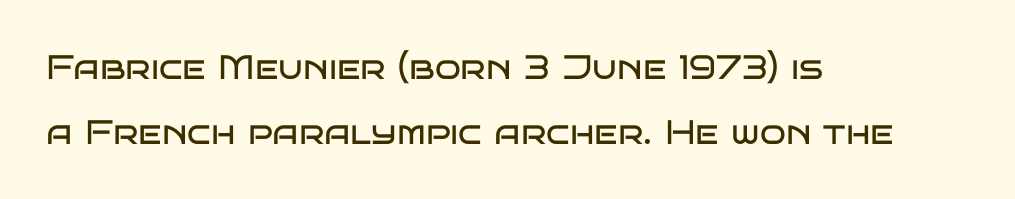
Q: Is the text bold? A: No.
Q: Is the text italic (slanted)? A: No, it is upright.
Q: Is the typeface a serif or a sans-serif typeface? A: Sans-serif.
Q: Is the text underlined? A: No.
Q: How is the paragraph aligned? A: Left-aligned.
Q: Is the spacing between letters normal or unusually wide? A: Normal.
Q: Is the spacing between lines tight, normal or loose? A: Loose.
Q: Width (condensed, normal, or wide)? A: Wide.
Q: Stroke contrast? A: Low.
Q: x-height? A: Large.
Q: Monospaced? A: No.
┄┄┄┄┄┄
TO DO
Only one span of lines is wanted: the line with "Q: Is the typeface" and every line after it to the end of the entries, output exactly.

TASK RESULT
Q: Is the typeface a serif or a sans-serif typeface? A: Sans-serif.
Q: Is the text underlined? A: No.
Q: How is the paragraph aligned? A: Left-aligned.
Q: Is the spacing between letters normal or unusually wide? A: Normal.
Q: Is the spacing between lines tight, normal or loose? A: Loose.
Q: Width (condensed, normal, or wide)? A: Wide.
Q: Stroke contrast? A: Low.
Q: x-height? A: Large.
Q: Monospaced? A: No.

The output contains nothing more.